Try it -> Nothing other than an exact copy of the lines from the one containing "<!DOCTYPE svg PUBLIC" through the last line of the listing below should be written.
============
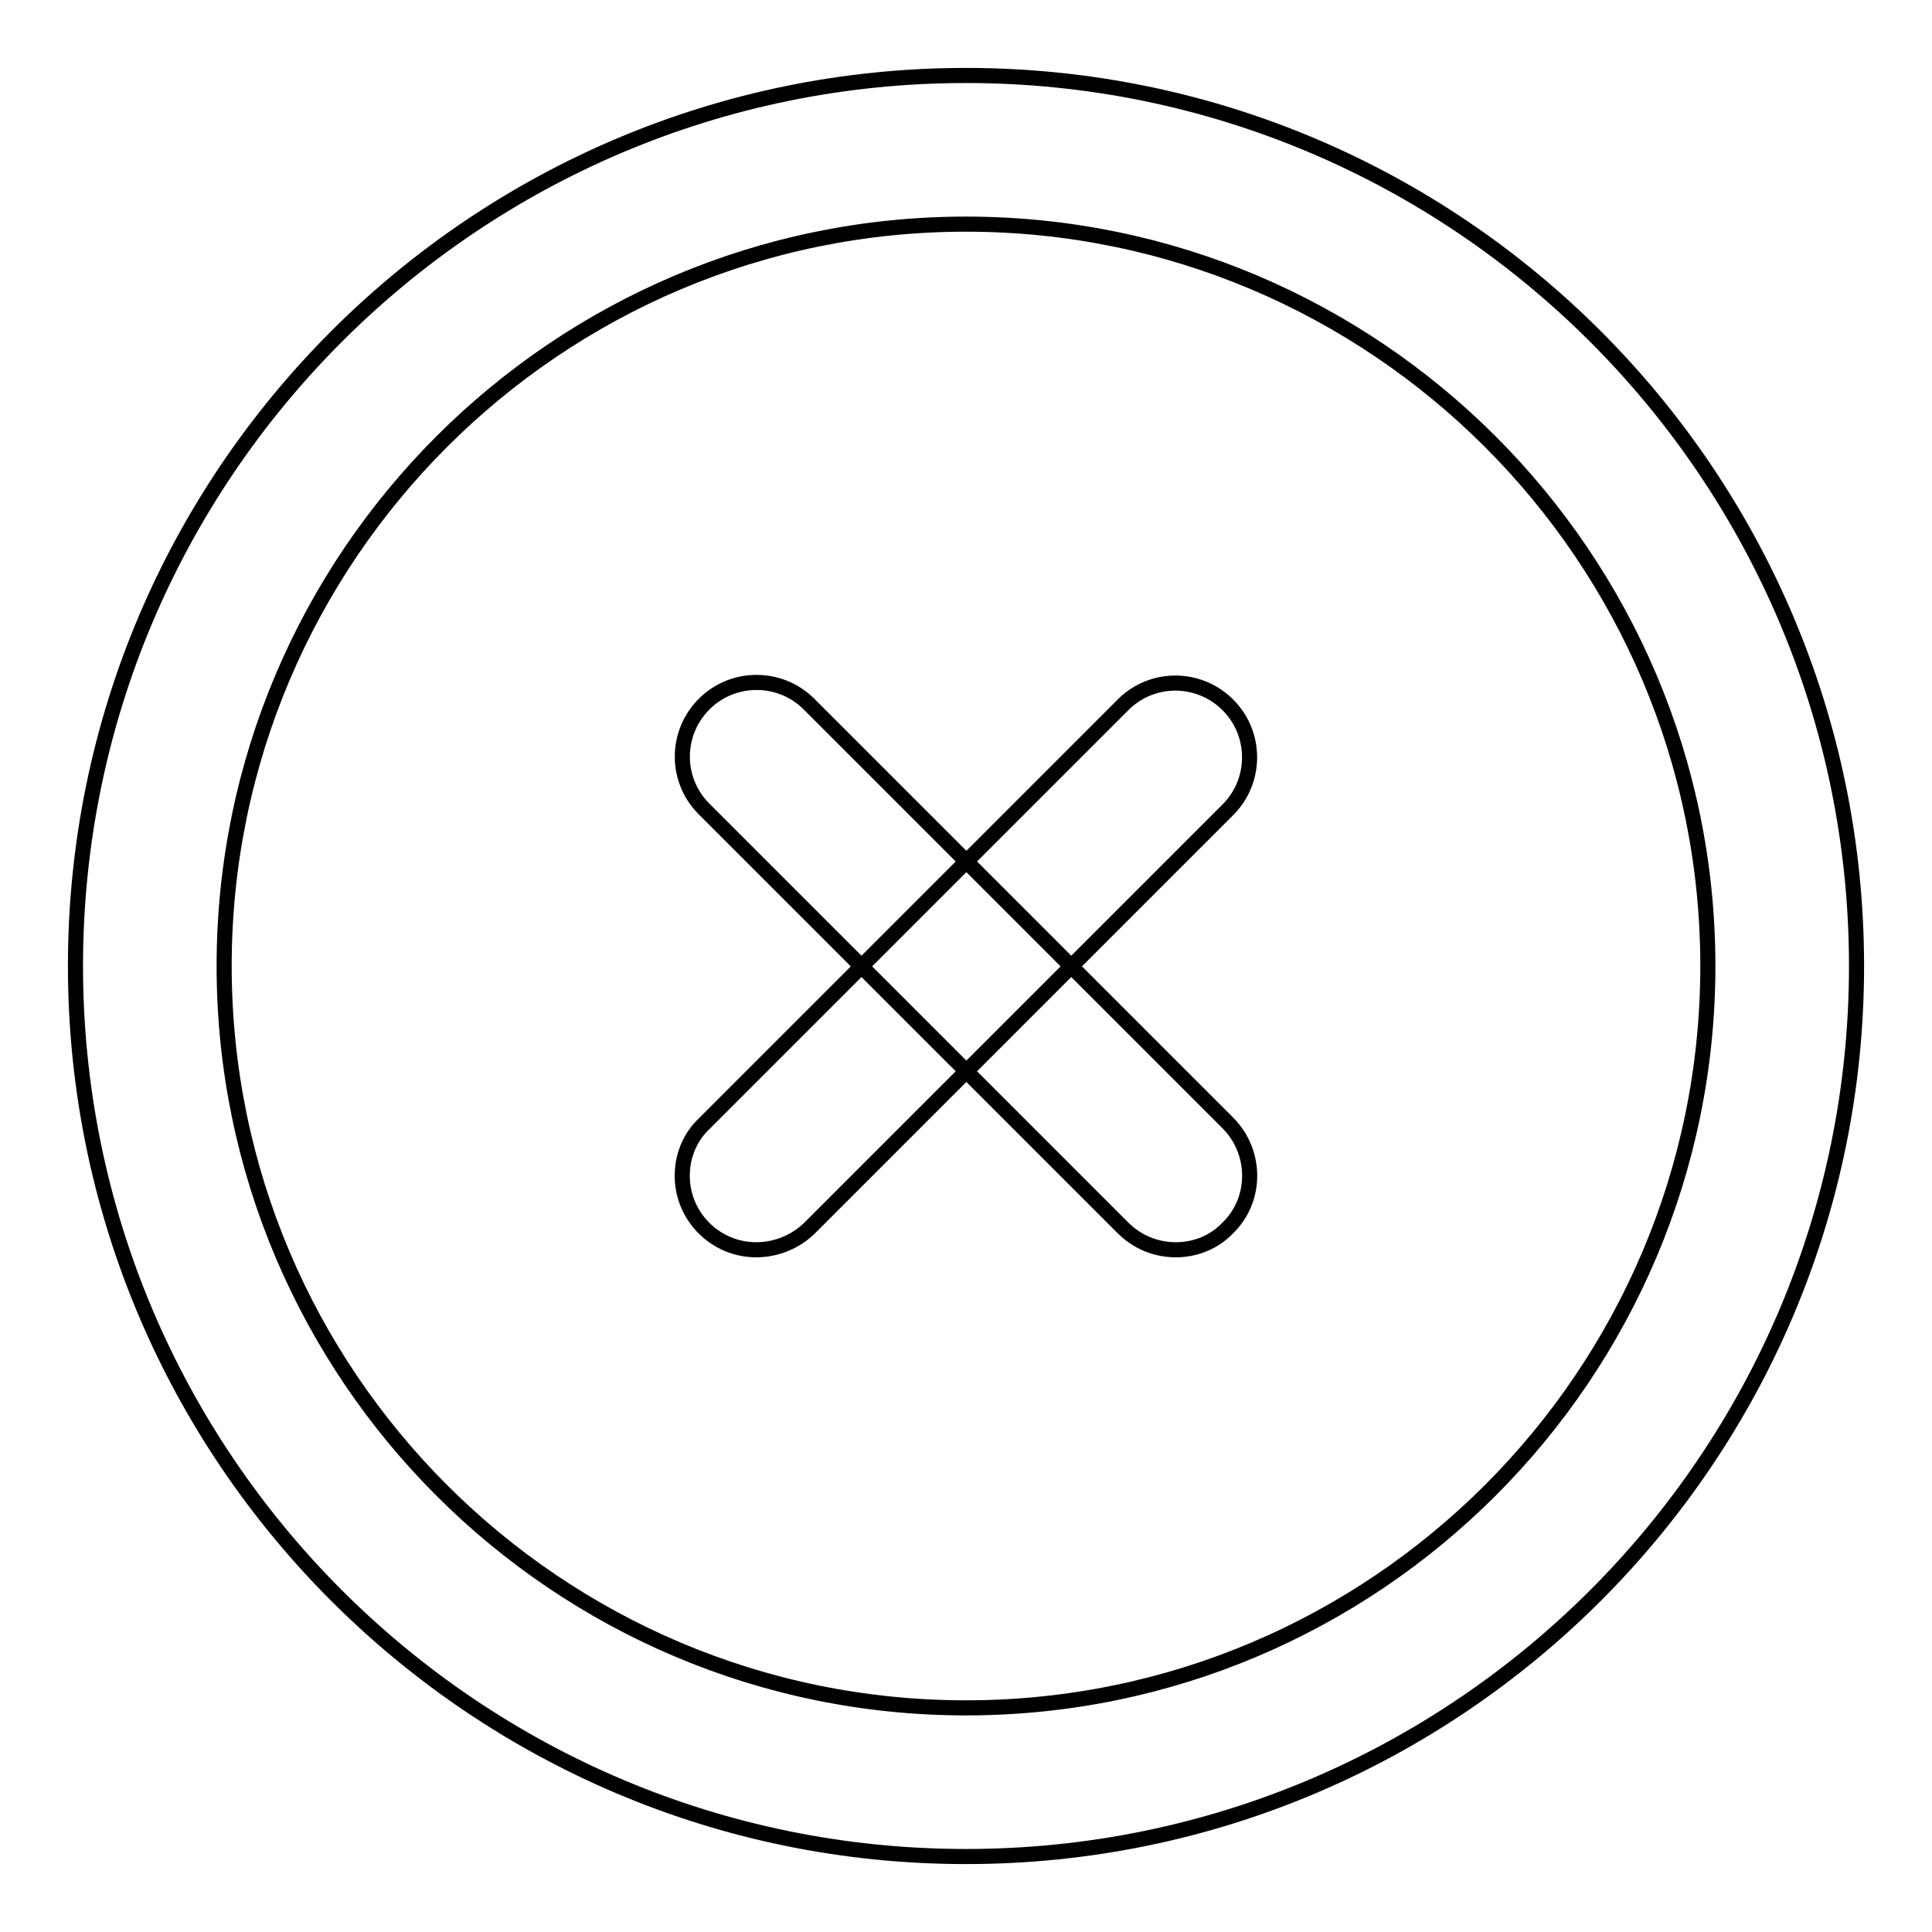 <?xml version="1.0" encoding="utf-8"?>
<!-- Svg Vector Icons : http://www.onlinewebfonts.com/icon -->
<!DOCTYPE svg PUBLIC "-//W3C//DTD SVG 1.1//EN" "http://www.w3.org/Graphics/SVG/1.1/DTD/svg11.dtd">
<svg version="1.1" xmlns="http://www.w3.org/2000/svg" xmlns:xlink="http://www.w3.org/1999/xlink" x="0px" y="0px" viewBox="0 0 256 256" enable-background="new 0 0 256 256" xml:space="preserve">
<g> <path stroke-width="2" fill-opacity="0" stroke="#000000"  d="M128,246c-65.1,0-118-52.9-118-118C10,62.9,62.9,10,128,10c65.1,0,118,52.9,118,118 C246,193.1,193.1,246,128,246z M128,29.7c-54.2,0-98.3,44.1-98.3,98.3c0,54.2,44.1,98.3,98.3,98.3c54.2,0,98.3-44.1,98.3-98.3 C226.3,73.8,182.2,29.7,128,29.7z M155.8,165.6c-2.6,0-5.1-1-7-2.9l-55.6-55.6c-3.8-3.9-3.7-10.1,0.2-13.9c3.8-3.7,9.9-3.7,13.7,0 l55.6,55.6c3.8,3.8,3.9,10.1,0,13.9C160.9,164.6,158.4,165.6,155.8,165.6L155.8,165.6z M100.2,165.6c-5.4,0-9.8-4.4-9.8-9.8 c0-2.6,1-5.1,2.9-6.9l55.6-55.6c3.9-3.8,10.1-3.7,13.9,0.2c3.7,3.8,3.7,9.9,0,13.7l-55.6,55.6C105.3,164.6,102.8,165.6,100.2,165.6 z"/></g>
</svg>
============
Written response ->
<!DOCTYPE svg PUBLIC "-//W3C//DTD SVG 1.1//EN" "http://www.w3.org/Graphics/SVG/1.1/DTD/svg11.dtd">
<svg version="1.1" xmlns="http://www.w3.org/2000/svg" xmlns:xlink="http://www.w3.org/1999/xlink" x="0px" y="0px" viewBox="0 0 256 256" enable-background="new 0 0 256 256" xml:space="preserve">
<g> <path stroke-width="2" fill-opacity="0" stroke="#000000"  d="M128,246c-65.1,0-118-52.9-118-118C10,62.9,62.9,10,128,10c65.1,0,118,52.9,118,118 C246,193.1,193.1,246,128,246z M128,29.7c-54.2,0-98.3,44.1-98.3,98.3c0,54.2,44.1,98.3,98.3,98.3c54.2,0,98.3-44.1,98.3-98.3 C226.3,73.8,182.2,29.7,128,29.7z M155.8,165.6c-2.6,0-5.1-1-7-2.9l-55.6-55.6c-3.8-3.9-3.7-10.1,0.2-13.9c3.8-3.7,9.9-3.7,13.7,0 l55.6,55.6c3.8,3.8,3.9,10.1,0,13.9C160.9,164.6,158.4,165.6,155.8,165.6L155.8,165.6z M100.2,165.6c-5.4,0-9.8-4.4-9.8-9.8 c0-2.6,1-5.1,2.9-6.9l55.6-55.6c3.9-3.8,10.1-3.7,13.9,0.2c3.7,3.8,3.7,9.9,0,13.7l-55.6,55.6C105.3,164.6,102.8,165.6,100.2,165.6 z"/></g>
</svg>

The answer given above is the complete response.